The eccentric Coca-Cola bottling heir has faced numerous sexual harassment suits by former employees.

(CN) — Billionaire Alkiviades David's attempt block a former employee's lawsuit through an anti-SLAPP motion met with failure once again Tuesday, when a California appellate panel upheld a lower court's rejection of the motion.

David, the eccentric heir to the overseas Coca-Cola bottling fortune, has had various business ventures of his own, including a modeling agency, a streaming site and a hologram theater. He has also been sued by numerous former employees claiming harassment, sexual harassment and sexual assault.

In 2019, at least four of the suits went to trial and David lost three of them: A jury ordered David to pay former production assistant Mahim Kahn $58.25 million; another ordered him to pay Chastity Jones $11.1 million; and third jury ordered David to pay Lauren Reeves, a former hologram theater writer, $5 million.

That same year, a sexual harassment and wrongful termination lawsuit brought by former employee Elizabeth Taylor ended in a hung jury. David had represented himself in what was by all accounts a circus-like trial, with the defendant making frequent profanity-laced outbursts, being fined $10,000 by the judge and even being thrown out of the courtroom on more than one occasion.

Shortly after the wild trial ended, David claimed vindication, saying in a statement: "This case is not just about me. I’m fighting this for the innocent men and women unfairly convicted in social media. I want to strike a blow against lawyers who cynically abuse the spirit of the #MeToo movement for personal gain."

Months later in February 2020, Taylor filed a supplemental complaint against David claiming retaliation that occurred after her she filed her first complaint.

“Mr. David’s sadistic and retaliatory attacks against Ms. Taylor took the form of physical threats, online cyberbullying, profane outbursts and meritless cross-claims," Taylor said in her supplemental complaint.

Among other things, Taylor claimed that David said while being deposed — and as Taylor sat across the table from him — “I don't like this fat woman. I don't want this horrible, disgusting, pimply asshole — you know, you are."

Taylor also claims David's various blog and Instagram posts at the time of the trial insulted, harassed and threatened both Taylor and her lawyer, Lisa Bloom. One showed photos of the two women with red Xs over their faces and the hashtag, #slaythedragon." Another called Taylor "mental" and Bloom a "formidable cunt."

David filed an anti-SLAPP motion, a legal device available in some states, like California, that helps defendants ward off meritless lawsuits in the name of free speech. In the motion, David contended his social media and blog posts were free speech activities related to areas of public interest, since his trials were covered so widely in the press, and since Bloom is famous.

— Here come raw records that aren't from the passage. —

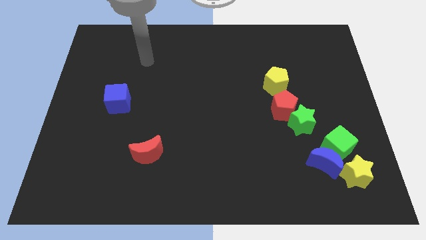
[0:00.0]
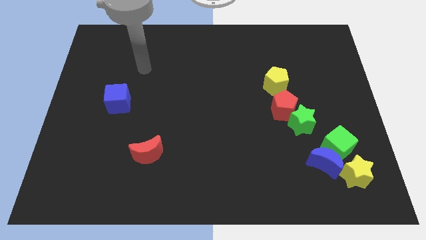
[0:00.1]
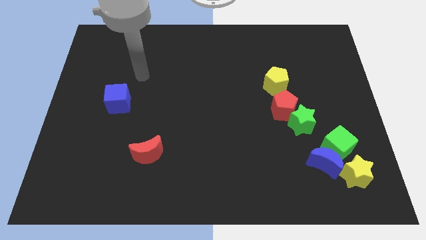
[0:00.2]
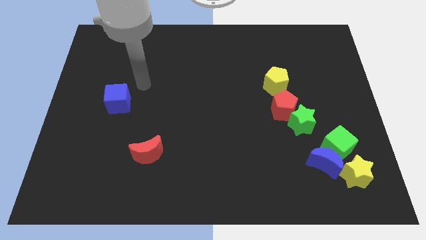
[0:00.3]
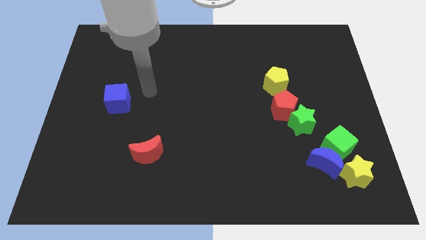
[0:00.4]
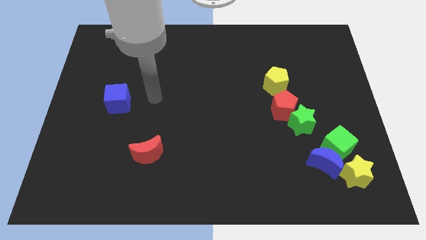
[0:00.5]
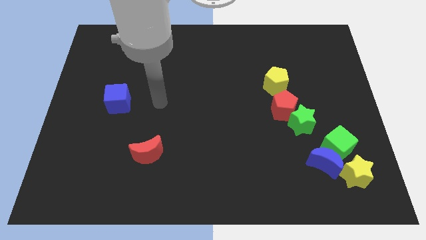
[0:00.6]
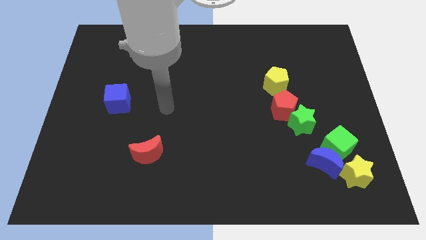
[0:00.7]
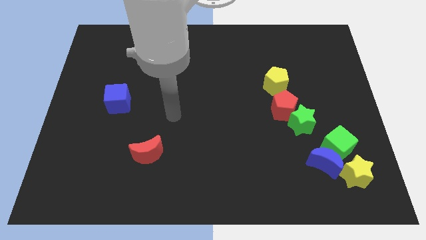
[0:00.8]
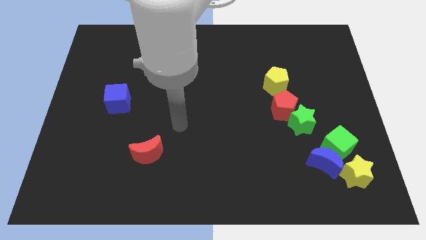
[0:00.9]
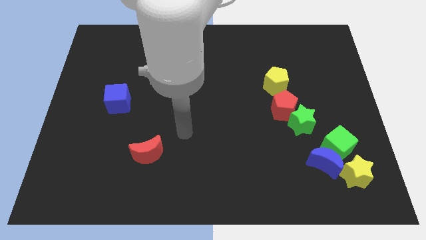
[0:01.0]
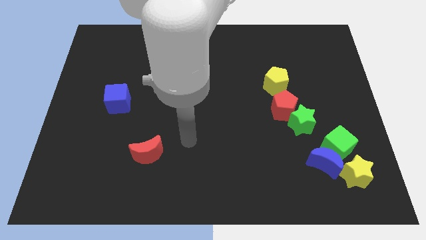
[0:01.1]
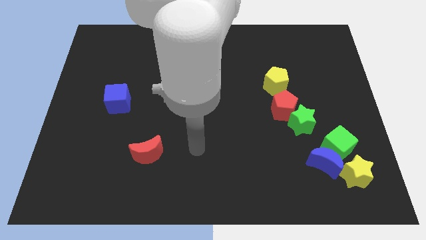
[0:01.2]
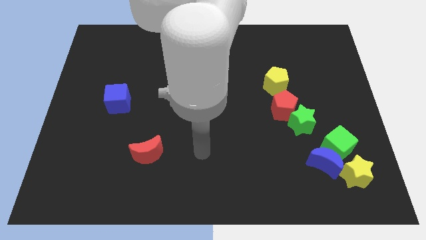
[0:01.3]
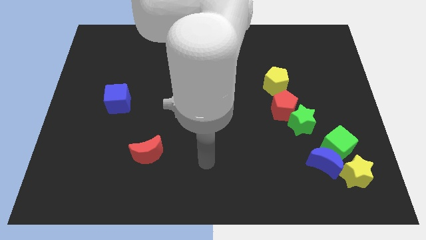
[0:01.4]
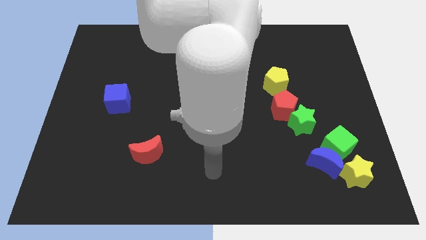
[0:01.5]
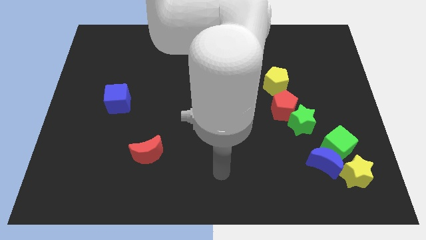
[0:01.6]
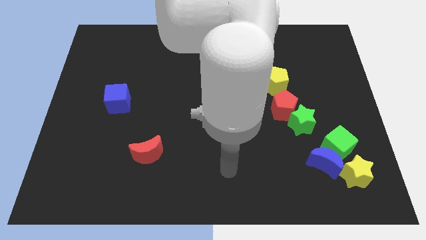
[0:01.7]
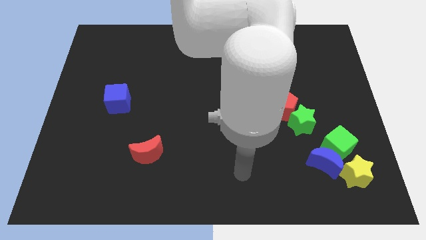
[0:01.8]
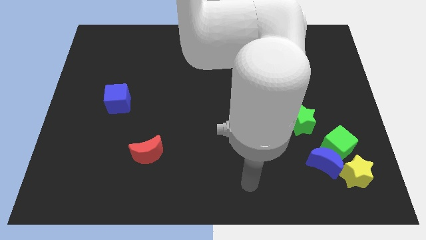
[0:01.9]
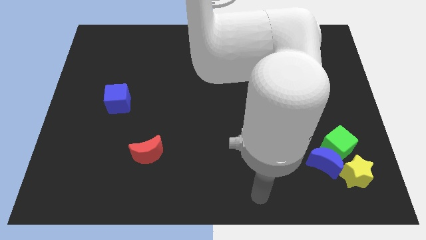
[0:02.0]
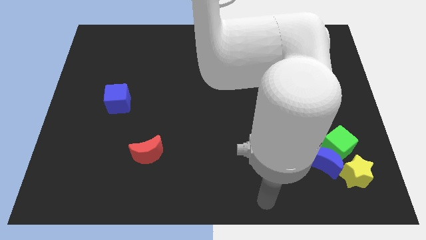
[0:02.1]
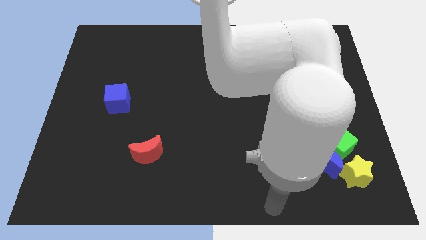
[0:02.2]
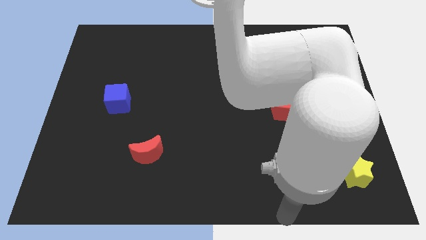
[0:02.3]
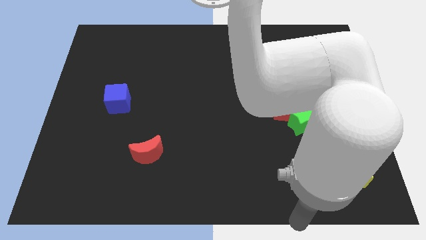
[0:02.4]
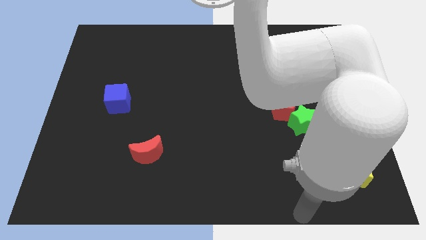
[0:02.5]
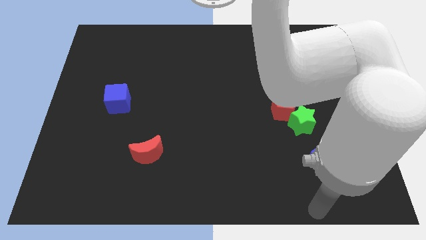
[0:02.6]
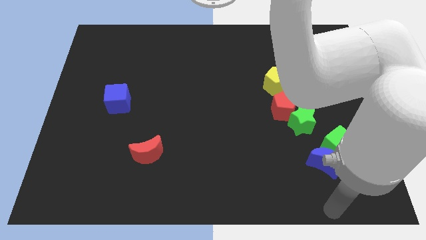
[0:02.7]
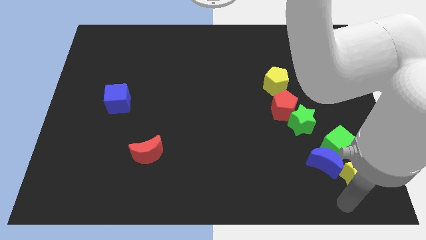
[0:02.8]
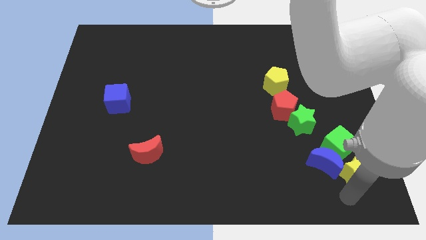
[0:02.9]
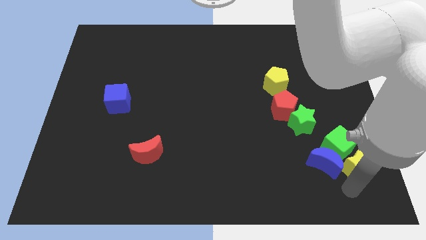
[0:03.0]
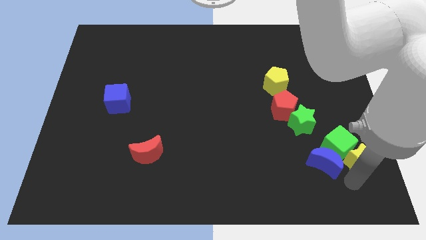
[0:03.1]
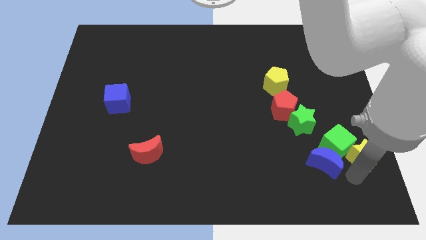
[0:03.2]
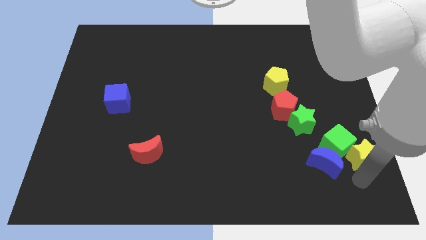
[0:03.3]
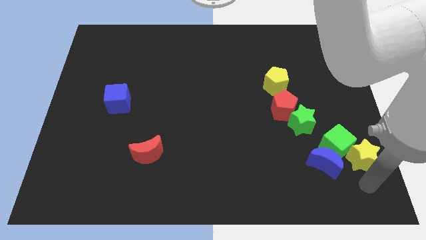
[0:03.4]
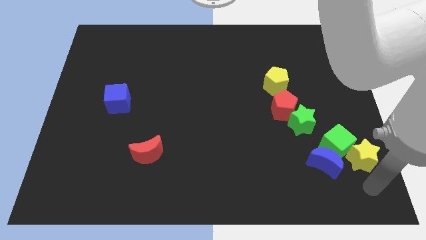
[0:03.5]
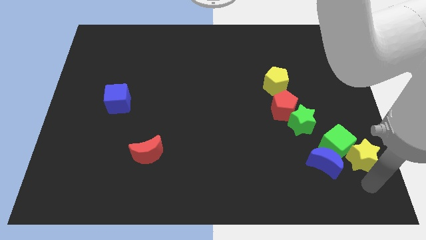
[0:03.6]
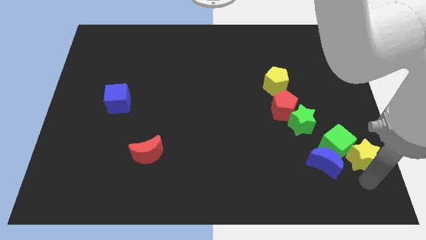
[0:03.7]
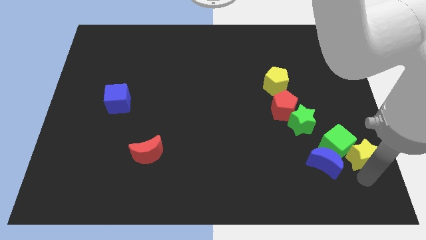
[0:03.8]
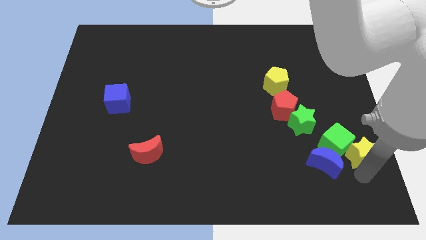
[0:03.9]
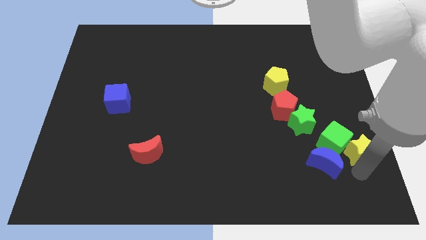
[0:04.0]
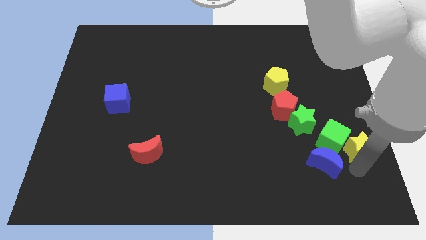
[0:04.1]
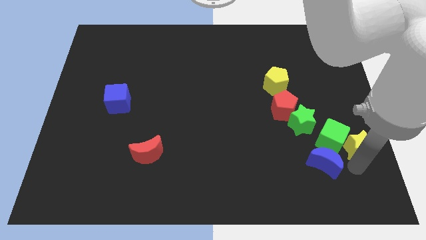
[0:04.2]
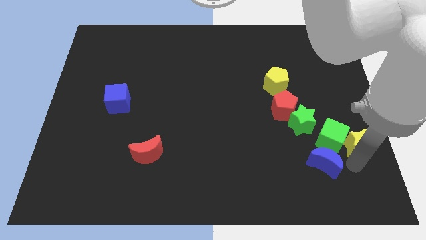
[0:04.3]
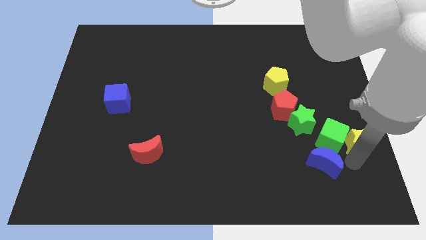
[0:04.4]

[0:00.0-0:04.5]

Los Angeles Superior Court Judge Rafael Ongkeko rejected the anti-SLAPP motion, finding David's social media posts were not done in the public interest but simply for the purposes of "mud-slinging" and "retaliation."

A three-judge Second Appellate District panel agreed and upheld Ongkeko's order Tuesday.

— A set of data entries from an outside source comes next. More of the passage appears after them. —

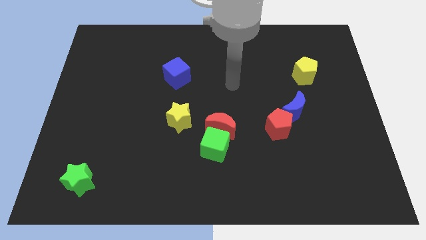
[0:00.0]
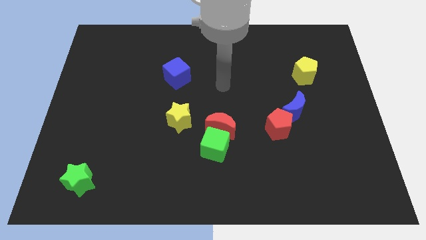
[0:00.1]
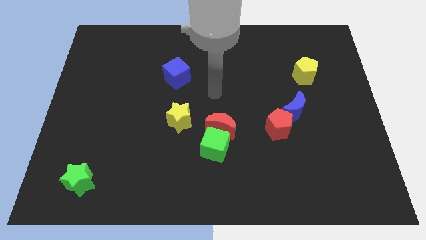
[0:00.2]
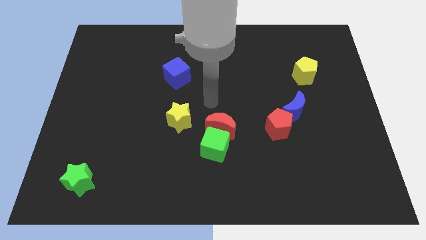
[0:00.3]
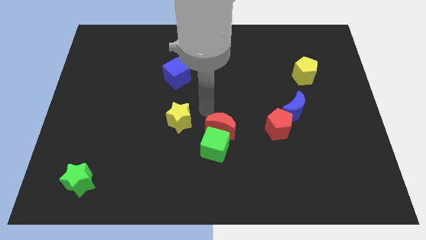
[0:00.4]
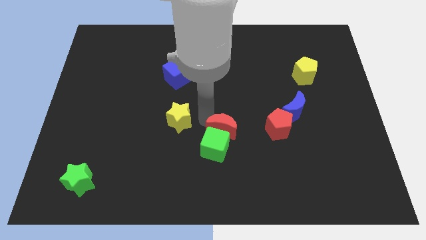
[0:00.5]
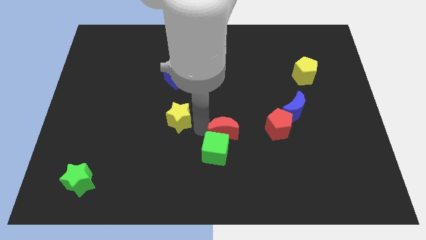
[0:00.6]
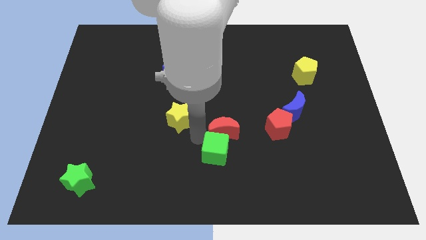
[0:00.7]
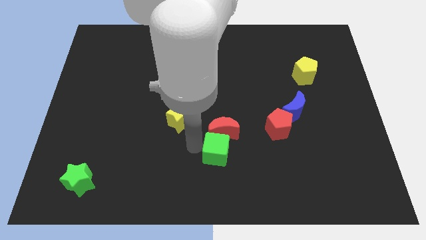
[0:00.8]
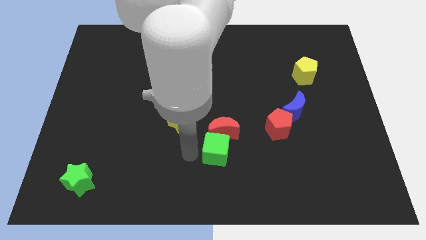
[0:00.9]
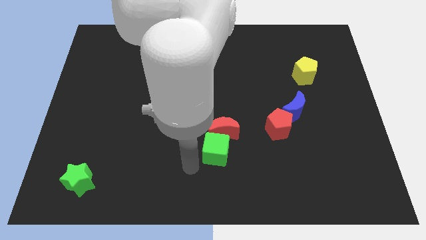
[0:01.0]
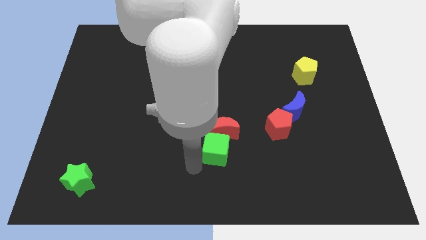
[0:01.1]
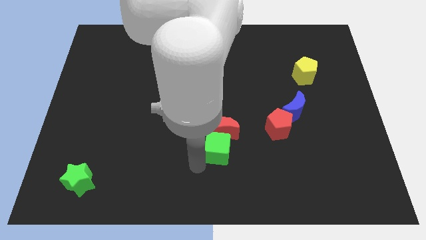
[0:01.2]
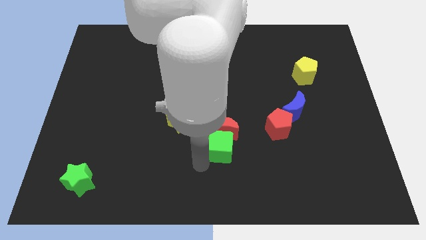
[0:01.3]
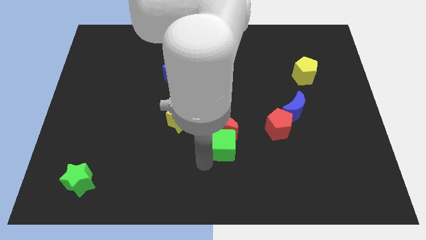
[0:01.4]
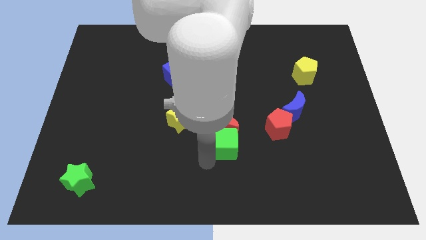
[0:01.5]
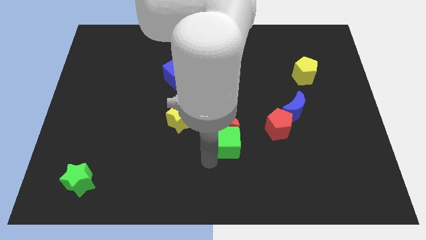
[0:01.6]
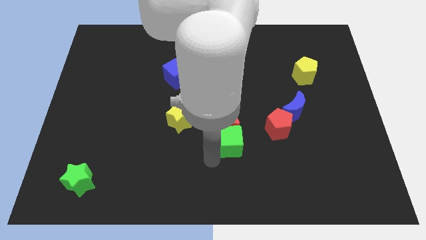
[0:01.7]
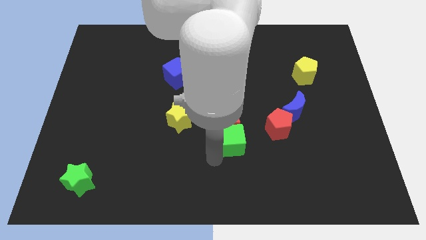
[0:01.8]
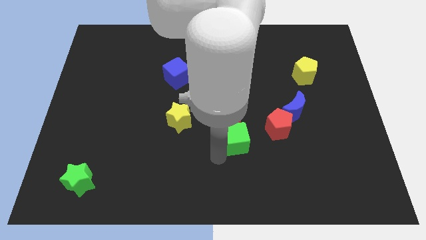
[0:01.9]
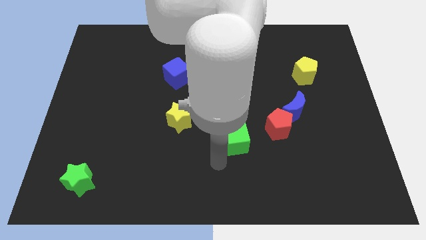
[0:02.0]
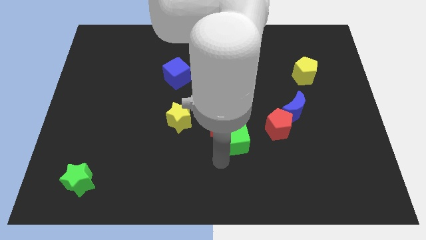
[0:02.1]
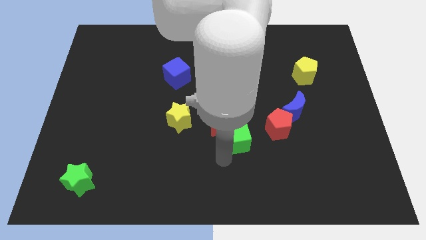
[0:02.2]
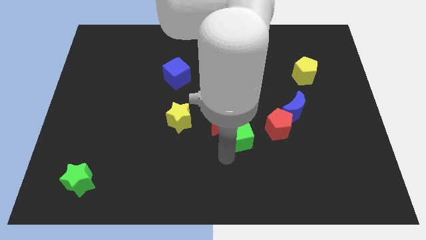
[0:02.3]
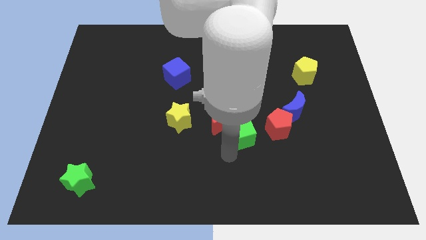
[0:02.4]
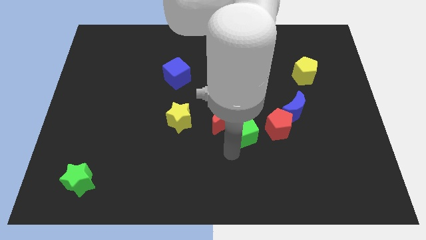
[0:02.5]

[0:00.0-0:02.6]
move the green cube diagonally up and to the right a little bit

"Nothing in the supplemental complaint or the anti-SLAPP motion suggests the posts contained any substantive information about the trial itself or the #metoo movement in general," LA County Superior Court Judge Gary Micon, sitting by designation, wrote for the panel. "To the contrary, the posts appear to consist solely of David’s negative views of Taylor personally."

Justices Nora Manella and Thomas Willhite joined Micon's opinion.

"The case now goes back to court for a jury trial," David's attorney, Dana Cole, said in an email. "Mr. David, who represented himself in the first trial and almost won it outright, looks forward to achieving full vindication this next go round."

Asked if he would be representing David during that go round, Cole replied, "We will be working those issues out."

In a written statement, Bloom said: "For Elizabeth, this is a giant step forward in her fight for justice, as her jury will be able to hear the fuller story of what she has had to endure in standing up against sexual harassment."